Diversification across the various types of cryptocurrencies can be extremely daunting at this point of time. You have to really understand use cases and the project in depth, not just that, but you have to have a strong opinion. You need to be able to analyse a project and think about whether this will take off in the future. This is connected to a number of factors like seeing if the development team are truly dedicated towards the outcome of the project, how fast progress is being made, and support from the community. Moreover, with the market being in a bearish leg for the past 10 months now, it is psychologically distressing for people to buy and watch the monetary value of their assets fall. This holds true especially for the newbies in the market as they are not used to the volatility this space has to offer. To quote the words of world famous value investor Warren Buffet; “I never invest in something I don’t understand”, it is fundamental you gain a working knowledge of the projects you are investing in and understanding the impact it has or is going to have.
Why Start Now
Diversification is one of the most essential portfolio techniques in existence. It has helped innumerable portfolios avoid being completely wrecked.
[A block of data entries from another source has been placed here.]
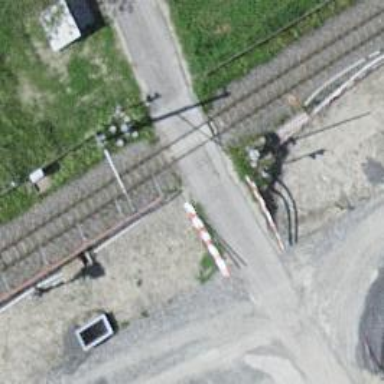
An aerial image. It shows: Level crossing with lights at the railway.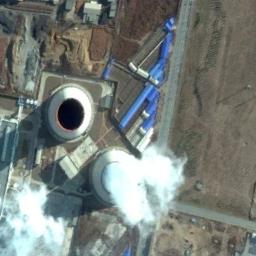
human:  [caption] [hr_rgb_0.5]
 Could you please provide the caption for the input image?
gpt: The thermal power station is next to some buildings with white mist above .

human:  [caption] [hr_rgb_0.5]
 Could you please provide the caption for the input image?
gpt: There are five thermal power stations in this industrial area .

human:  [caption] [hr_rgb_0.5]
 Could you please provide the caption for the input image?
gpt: In the thermal power station there are buildings, Roads, two cooling towers, and one is steaming .

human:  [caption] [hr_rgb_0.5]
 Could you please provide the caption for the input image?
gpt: There are many buildings of different shapes next to the thermal power station .

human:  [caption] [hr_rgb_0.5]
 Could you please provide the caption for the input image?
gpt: There are some blue buildings and two chimneys on the thermal power station .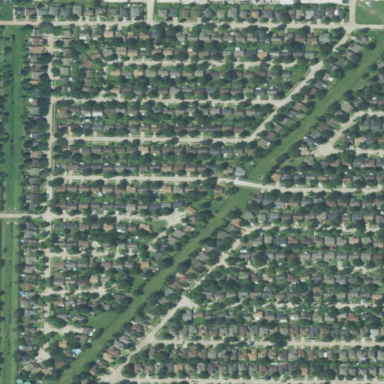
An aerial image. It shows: Residential area composed of single-family homes.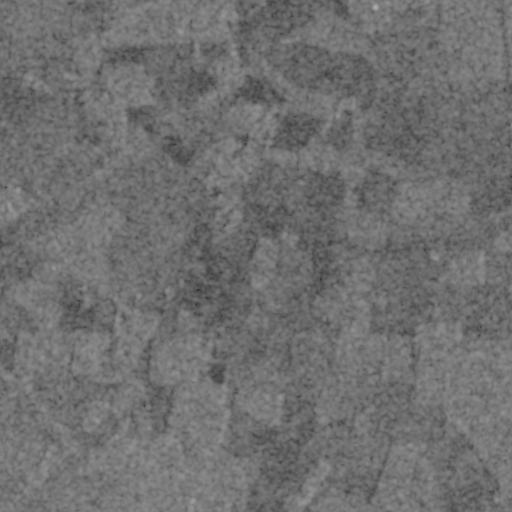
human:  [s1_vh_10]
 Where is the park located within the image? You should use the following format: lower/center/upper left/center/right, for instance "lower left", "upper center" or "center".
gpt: The park is located in the center right of the image.
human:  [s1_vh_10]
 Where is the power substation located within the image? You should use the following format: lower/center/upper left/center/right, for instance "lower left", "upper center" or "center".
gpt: The power substation is located in the upper right of the image.
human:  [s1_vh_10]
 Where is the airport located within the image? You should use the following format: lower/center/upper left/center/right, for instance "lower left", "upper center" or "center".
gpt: There is no airport in the image.

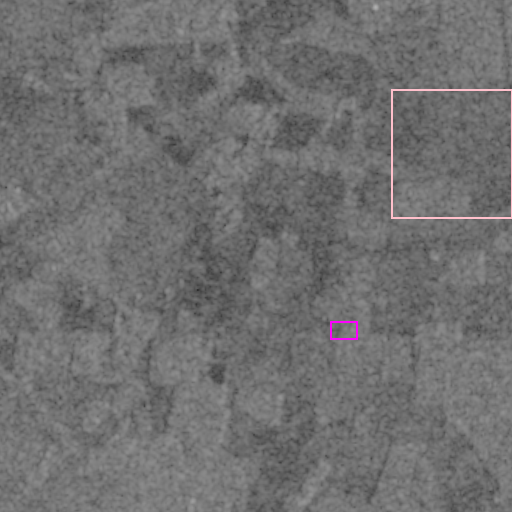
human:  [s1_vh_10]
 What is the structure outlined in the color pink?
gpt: The structure outlined in pink is a crop field.
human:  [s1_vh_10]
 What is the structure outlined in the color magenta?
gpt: The structure outlined in magenta is a park.
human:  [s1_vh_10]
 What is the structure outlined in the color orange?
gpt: There is no orange outline.

Without diversification, the risk of a portfolio is much higher than each individual asset in it. For example, if you were to have a portfolio of 3 different sized Pharmaceutical stocks, you’re overall portfolio risk would be higher than the risk for each individual stock. But if you were to add 1 year treasury bills, stocks from other sectors like technology, consumer staples, industrials, and automobiles, portfolio risk significantly decreases. Overall diversification can be covered later, for now the focus will return back to cryptocurrencies. Understanding what kind of asset you’re investing is crucial and cannot be stressed on enough. The current bear market is a special opportunity for people to diversify across cryptographically enabled assets. And while today, Bitcoin correlation is at astounding levels, the same cannot be said for 10 years down the line. So while you consider diversification today, you might think it doesn’t matter since it all moves with Bitcoin anyway. But the diversification of today reaps it’s benefits tomorrow (not literally). When adoption hits, each token or crypto will be seen for their individual value rather than just as 'cryptocurrency'. Once you have your portfolio set to your needs and diversified across the three types of digital assets, just let it sit still for a while. When value starts to unlock, price start to take off with stability, and development really picks up, you can turn back to your portfolio and tweak it according to your requirements. That being said, it’s is much better to actively monitor your portfolio than constantly playing around with it as per the then current market conditions. Learn to be disciplined and keep faith in your investments, because after all, you’ve invested because you digital assets and payments as the future of the world’s economy.